Here are some of the depth battles that should intrigue us for the next several weeks:
The Giants are very deep and very experienced at this position. Ideally Corey Webster, Thomas and Amukamara will be the three players in the nickel package. Third-round draft pick Jayron Hosley is virtually assured a spot on the team. That leaves a few guys scrambling for reps on sub-sub packages and special teams roles. Veterans Michael Coe, Antwaun Molden and Justin Tryon have experience. Brandon Bing showed some nice flashed in the spring. Janzen Jackson could be a surprise undrafted free agent. And Bruce Johnson is coming back from an Achilles injury. Last year the corners were depleted by injuries. This year, if they stay healthy, the Giants will have to face some tough decisions and let go of some players who could help them (or another NFL team).

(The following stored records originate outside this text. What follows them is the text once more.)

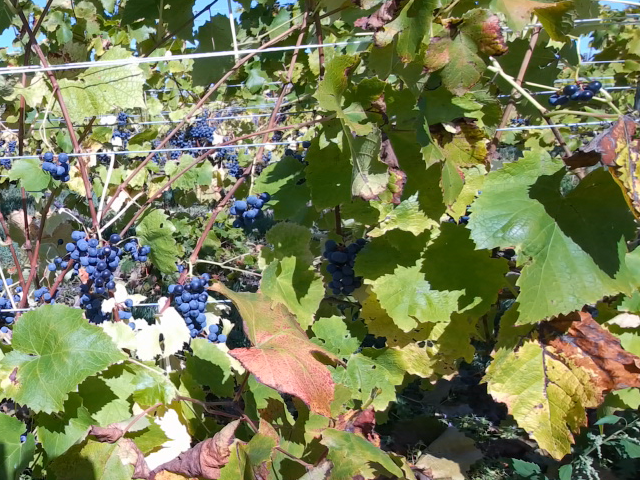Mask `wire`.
Segmentation results:
<instances>
[{
    "instance_id": "4f2155b8",
    "label": "wire",
    "mask_w": 640,
    "mask_h": 480,
    "mask_svg": "<svg viewBox=\"0 0 640 480\" xmlns=\"http://www.w3.org/2000/svg\"><path fill=\"white\" fill-rule=\"evenodd\" d=\"M640 13H627L625 16H600L595 18L576 17L574 28H585L591 26H615L623 24H640Z\"/></svg>"
},
{
    "instance_id": "a73af890",
    "label": "wire",
    "mask_w": 640,
    "mask_h": 480,
    "mask_svg": "<svg viewBox=\"0 0 640 480\" xmlns=\"http://www.w3.org/2000/svg\"><path fill=\"white\" fill-rule=\"evenodd\" d=\"M303 140H277V141H265L256 144H224V145H198L188 147H142L132 149H121L110 152H69V157H112L123 154H134L144 152H158L167 154L168 152H190L200 150H226V149H258L266 146H279V145H302Z\"/></svg>"
},
{
    "instance_id": "34cfc8c6",
    "label": "wire",
    "mask_w": 640,
    "mask_h": 480,
    "mask_svg": "<svg viewBox=\"0 0 640 480\" xmlns=\"http://www.w3.org/2000/svg\"><path fill=\"white\" fill-rule=\"evenodd\" d=\"M273 112L267 113H243L237 115H228V116H200L193 117L190 119L191 123L202 122V121H230V120H239L245 118H270L273 117Z\"/></svg>"
},
{
    "instance_id": "f0478fcc",
    "label": "wire",
    "mask_w": 640,
    "mask_h": 480,
    "mask_svg": "<svg viewBox=\"0 0 640 480\" xmlns=\"http://www.w3.org/2000/svg\"><path fill=\"white\" fill-rule=\"evenodd\" d=\"M615 123L614 119H610L607 121H594V122H565V123H556V124H546V125H527V124H517V125H508L504 127H497V132H506L510 130H548V129H558V128H567V127H607Z\"/></svg>"
},
{
    "instance_id": "d2f4af69",
    "label": "wire",
    "mask_w": 640,
    "mask_h": 480,
    "mask_svg": "<svg viewBox=\"0 0 640 480\" xmlns=\"http://www.w3.org/2000/svg\"><path fill=\"white\" fill-rule=\"evenodd\" d=\"M372 38H363L352 41H331L322 44H291L281 45L275 47L261 48V49H247V50H235V51H207L198 53H184V54H168L161 56H145L138 58H121L105 61H83L67 64H43L37 66H5L0 67V75H12L21 73H42V72H57L72 69L81 68H115L119 64L123 63H140L147 61H163L170 59H186V58H200V57H218V56H237V55H258L263 53L278 52L284 50L293 49H324L333 46H354L365 43H372Z\"/></svg>"
},
{
    "instance_id": "a009ed1b",
    "label": "wire",
    "mask_w": 640,
    "mask_h": 480,
    "mask_svg": "<svg viewBox=\"0 0 640 480\" xmlns=\"http://www.w3.org/2000/svg\"><path fill=\"white\" fill-rule=\"evenodd\" d=\"M181 118H173L159 121H141V122H97L93 123V128L99 127H143V126H161L181 123Z\"/></svg>"
}]
</instances>

Drafted players normally get the benefit of at least a few years to develop in the system. But last year the Giants showed that they wouldn’t have that much patience. They liked their young crop of linebackers so much, in fact, that they waived Phillip Dillard, a former fourth round pick, after just one season. Now, with a crowded linebacker room, the Giants will likely have to make tough decisions once again. How deep is the position? Well Chase Blackburn is slated as the starting middle linebacker and there’s no guarantee he’ll even make the team. It will be interesting to see what they do with Keith Rivers. Clint Sintim’s career may be coming to an end quickly, and as for the second-year guys, Greg Jones and Spencer Paysinger both probably need to turn some heads in the coming weeks to make the team.

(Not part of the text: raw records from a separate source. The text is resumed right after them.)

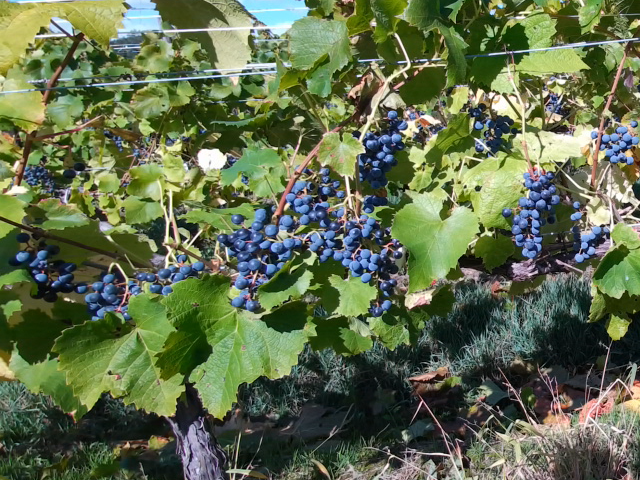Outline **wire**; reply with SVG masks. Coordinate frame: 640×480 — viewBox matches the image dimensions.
Here are the masks:
<instances>
[{"label":"wire","instance_id":"obj_2","mask_svg":"<svg viewBox=\"0 0 640 480\" xmlns=\"http://www.w3.org/2000/svg\"><path fill=\"white\" fill-rule=\"evenodd\" d=\"M640 42V36L629 38L626 40H601L598 42H590V43H573V44H564V45H553L546 47H531V48H522V49H513V50H490L485 52H480L476 54H467L464 56L465 60L469 59H479L492 55H515V54H524V53H533V52H548L555 50H566V49H575V48H592V47H600L604 45H628L632 43Z\"/></svg>","mask_w":640,"mask_h":480},{"label":"wire","instance_id":"obj_3","mask_svg":"<svg viewBox=\"0 0 640 480\" xmlns=\"http://www.w3.org/2000/svg\"><path fill=\"white\" fill-rule=\"evenodd\" d=\"M270 29L289 30L290 26L285 24H267L263 26L248 25H207L196 28H157L149 31H137L129 29H119V34L135 35V36H151L159 33H198L209 30H246V31H265Z\"/></svg>","mask_w":640,"mask_h":480},{"label":"wire","instance_id":"obj_1","mask_svg":"<svg viewBox=\"0 0 640 480\" xmlns=\"http://www.w3.org/2000/svg\"><path fill=\"white\" fill-rule=\"evenodd\" d=\"M276 65H264L253 67H215L210 69H189L179 71H144V72H131L128 74H109V75H81L74 77H59V82H76L84 80H111V79H130L133 77H146V76H181L192 75L185 78H155L144 79L138 81H124V82H101L92 83L80 86H58L48 88H36V89H18V90H0V95H20V94H38V93H50L60 91H82L94 88L103 87H126V86H140L146 84L157 83H188L200 79H231V78H252L269 76L277 73Z\"/></svg>","mask_w":640,"mask_h":480}]
</instances>
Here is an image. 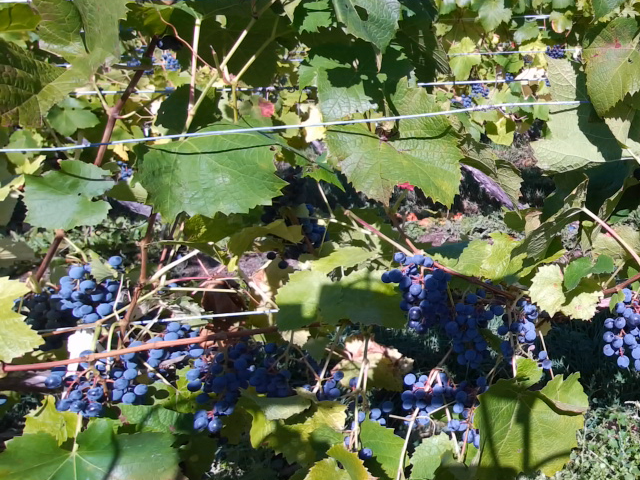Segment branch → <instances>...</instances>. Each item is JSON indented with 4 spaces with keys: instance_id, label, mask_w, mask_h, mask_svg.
Returning a JSON list of instances; mask_svg holds the SVG:
<instances>
[{
    "instance_id": "branch-1",
    "label": "branch",
    "mask_w": 640,
    "mask_h": 480,
    "mask_svg": "<svg viewBox=\"0 0 640 480\" xmlns=\"http://www.w3.org/2000/svg\"><path fill=\"white\" fill-rule=\"evenodd\" d=\"M158 213L153 211L149 220L147 221L146 227L144 228L142 237L140 239V266H141V280L137 290L135 291L132 298L129 300L127 304L126 311L124 314L125 324L121 327L117 339V348L118 349H108L104 352L94 353L88 356H82L80 358H67L62 360H57L54 362H44L39 364L33 363H21V364H6L4 369L6 371H23V370H31V371H41L46 369H57L59 367L69 366V365H82L84 363H91L97 360H103L110 356H124L133 353H139L144 351H150L154 349H163V348H171L180 345H188V344H196L203 342H216L225 340L228 338L243 336V335H258V334H270L273 331L271 326L268 327H256V328H241L234 329L230 331H226L219 334L214 335H200L194 337H186V338H178L169 341H161V342H152L148 344H141L137 346H130L124 348V341L126 337V333L128 331V327L126 326V322L131 320V316L133 313L134 306L136 302L141 297L144 289L146 288L148 282V264H147V241L150 237L151 230L153 229L154 223L157 221Z\"/></svg>"
},
{
    "instance_id": "branch-2",
    "label": "branch",
    "mask_w": 640,
    "mask_h": 480,
    "mask_svg": "<svg viewBox=\"0 0 640 480\" xmlns=\"http://www.w3.org/2000/svg\"><path fill=\"white\" fill-rule=\"evenodd\" d=\"M274 3H275V0H267L255 8L251 16L248 18V21L245 23V26L239 31L238 35L229 44V48L226 50L224 58L212 70V73L210 74V76L205 80L203 87L199 90L198 94L196 95V99L194 101L195 81H196L197 65L199 62V53H200L201 44H202V24H203V20L201 18H198L196 20L195 42H194V47L192 51V60L190 63V71H189V79H188V94H187V100L185 101V125L182 127V130L184 132H190L192 130V119L195 117L196 113L198 112L199 107L203 101V97L209 91L210 87L214 83V80L221 73L222 69L230 62L233 56V53L236 50V47L245 37L246 33L251 30L252 25L255 23V20L258 18V16L265 9L272 6Z\"/></svg>"
},
{
    "instance_id": "branch-3",
    "label": "branch",
    "mask_w": 640,
    "mask_h": 480,
    "mask_svg": "<svg viewBox=\"0 0 640 480\" xmlns=\"http://www.w3.org/2000/svg\"><path fill=\"white\" fill-rule=\"evenodd\" d=\"M159 42H160V38L158 36H155L153 38V40H152V44L149 46L148 53L146 54L145 60L143 61L141 66L138 68V70L132 75L128 85L124 89V93L122 94V96L119 99V102L113 108V110L111 111V113H110V115L108 117L107 125H106L105 131H104V135H103L102 140L100 142V146L97 148L96 153H95V165L97 167H100L102 165V155H103V152L107 148V144L109 142V139L111 138V133H112V130H113V127H114L115 119H116L117 115L119 114L120 110L126 104V101L129 98L130 93L133 90V88L135 87L136 83L138 82V79L142 78L144 76L145 71L147 70L148 66L152 62L153 56L155 54V51H156L157 47L159 46Z\"/></svg>"
},
{
    "instance_id": "branch-4",
    "label": "branch",
    "mask_w": 640,
    "mask_h": 480,
    "mask_svg": "<svg viewBox=\"0 0 640 480\" xmlns=\"http://www.w3.org/2000/svg\"><path fill=\"white\" fill-rule=\"evenodd\" d=\"M64 236H65V229L63 227H60L58 229L57 237H56V240L54 241L53 246L51 247L49 252L44 257V259H43L42 263L40 264V266L37 268V270L33 274V281L35 283H38L40 281V276L47 269V266L49 265L51 259L53 258V256L56 254V252L60 248L61 243L64 240Z\"/></svg>"
},
{
    "instance_id": "branch-5",
    "label": "branch",
    "mask_w": 640,
    "mask_h": 480,
    "mask_svg": "<svg viewBox=\"0 0 640 480\" xmlns=\"http://www.w3.org/2000/svg\"><path fill=\"white\" fill-rule=\"evenodd\" d=\"M638 281H640V273L635 274L632 278L627 279L626 281H624L623 283H620L619 285L613 286L605 290L603 292V295L605 297H609L615 293L622 292L623 290L627 289L629 286L636 284Z\"/></svg>"
}]
</instances>

Ahmad Bradshaw will be the starter. David Wilson, the first-round pick, will have at least a minimal role on the team (if not, as some expect, a pretty large one). That leaves DJ Ware, Andre Brown and Da’Rel Scott to fight it out for what figures to be the two remaining running back jobs. Three pieces for two holes. Ware knows the system, but the Giants know Ware (or, more specifically, know his ceiling). Brown was still coming off his Achilles issues last season and should be stronger this summer. Scott never quite fit into the offense as a rookie, but his speed was impressive in the preseason. If the Giants are looking to go with lightning-quick backs instead of the bruisers they’ve employed in the past, it could be bad news for Ware.
Deon Grant said in a report this weekend that he expects to be re-signed by the Giants during training camp. There are a bunch of guys who are trying to make that move unnecessary. Antrel Rolle and Kenny Phillips will be the starters, but then there are guys like Tyler Sash, Stevie Brown and Chris Horton who will be trying to become that third safety the Giants have employed so often in the last two years. Then again, if the corners can remain healthy, the Giants may need only two traditional safeties (that’s Antrel Rolle you hear applauding that idea). Grant may be back, but it will only be if he’s needed due to injuries or if no one can step up by the second preseason game.
Tick tock. That’s the clock of patience that is beating away on a few Giants receivers. The team is hoping to finally see what they thought Ramses Barden capable of when they drafted him this summer. If not, he could very well be a goner by September. Domenik Hixon is a wonderful story and will be competing for the No. 3 receiver job, but he’s a sore knee away from having the organization raise eyebrows and wonder what his shelflife will be like after two consecutive ACL tears. And Jerrel Jernigan was one of the players who really suffered from the lack of an offseason program last spring and summer. He’ll be trying to carve out his role in the offense in the coming weeks. With a new crop of rookies like Wilson and Hosley and Rueben Randle expected to make an impact on special teams, Jernigan won’t have his return game to help him make the team. And if Jernigan doesn’t think the Giants would cut a fourth-round pick after just one season, well, he can talk to Phillip Dillard about that.